For a few years, my uncles and my dad would all throw in some money, and drive to Ohio to fill a big old van with fireworks for their mother’s birthday.

My uncle had painted this van blue using a roller, and there was shag carpet hanging on the walls and ceiling in the back. During these momentous days, it reeked of gun powder.

The family would set up in the park near the ball diamonds, and our attention called to each piece of artillery not by the colors or that it might spin or even by the interesting names printed on these things in China.

With a beer in one hand, shouts of “Hey! Watch this one! It was 25 bucks!” were followed by the touching of the cherry end of a lip-dangled cigarette to the wick and a quick backward stumble away.

One year a shout of “SHIT! It’s the cops!” sent a good number of Cichons spilling beer as they ran into the woods. The friendly officer joined us to watch the display, and even turned his car lights on for us kids.

Another year, some guy nobody knew pulled up in a car and asked us if we’d ever seen a real Civil War cannon. It was a two-foot-long replica cannon, which he filled with three shot glasses of gun powder.

“Only supposeda do one, but it’s the Fourth of July!”

At least all that was the wide open park.

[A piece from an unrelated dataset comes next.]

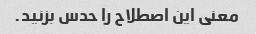
معنی این اصطلاح را حدس بزنید.

When we’d celebrate Grandma’s birthday at the lake… 47 people would stay in a 600 square foot cottage, jammed in the midst of other families of 47 staying in similar sized cottages.

The fireworks displays would be smaller, but the cramped quarters certainly made them more dangerous– so of course, somehow, more fun for everyone.

With no room inside the cottage, we’d eventually sleep in the back of our Dodge station wagon– with permanent and satisfied smiles on our faces.

The only things I light on fire these days are the grill and the (very) occasional big fat cigar. Yet I own about twelve Zippo lighters. I guess you never know when you’ll have to fall back on those skills you learned as a kid.

Marie T. Cichon (July 4, 1928 – June 25, 1996)

By Steve Cichon

Grandma Cichon died twenty years ago today, but she’s still with me every day… She had a very different sensibility. Bullheaded but free-spirited. Artistic and cerebral but very well grounded in the realities of the day-to-day world of having ten kids.

steve and grandma cichon

She would have been the eccentric aunt on a 60’s sitcom— certainly not the mother in heels and pearls, although she played that role pretty well from her D&K sandals and housecoats.

She never said goodbye when someone would leave, it was always “Toodaloo,” with a smile and the knowledge we’d be seeing each other again soon.

Lately, I find myself laughing out loud in joy at the sight of animals and small children having fun. One of many mostly… um… flaky behaviors I cherish… and trace back to this lady.

I know I also trace back some of the things I like most about myself to her.

She exuded independence– not in a screaming 1960’s radical way, but just by being herself. Grandma instilled that quiet sense of independence in me.  She encouraged and foster my interest in politics and funny people. It was probably sleeping over at her house that I watched Carson for the first time—and saw the nightly combination of those two worlds. I wasn’t older than 12 when she told me that I would really enjoy David Letterman. Now, she didn’t exactly tell me to watch a TV show at 12:30 in the morning, but she kinda did. And I’m glad I did.

Grandma also treated me as an equal in our discussions about the world. She never discounted my thoughts or opinions. It was sitting at her worn out white formica kitchen table, with the little 13-inch black-and-white TV always running in the corner, drinking Red Rose tea or instant coffee that she showed me that way.

It’s a fantastic vantage point to live from—to try to find the common ground to build a bond, as opposed to finding or reverting back to your self-perceived superiority over someone else. Grandma showed me, by example, that just because I’m older or more experienced or smarter or whatever-er… that my opinion doesn’t count any more than yours.

As this 2016 Presidential campaign plunges on, I can only imagine the political discussions she and my ol’man are having over heaven’s version of that kitchen table set with instant coffee and chain-smoked cigarettes (His Parliament, hers Kool.)

Hahaha, I’m chuckling out loud at the thought. Just like grandma would have.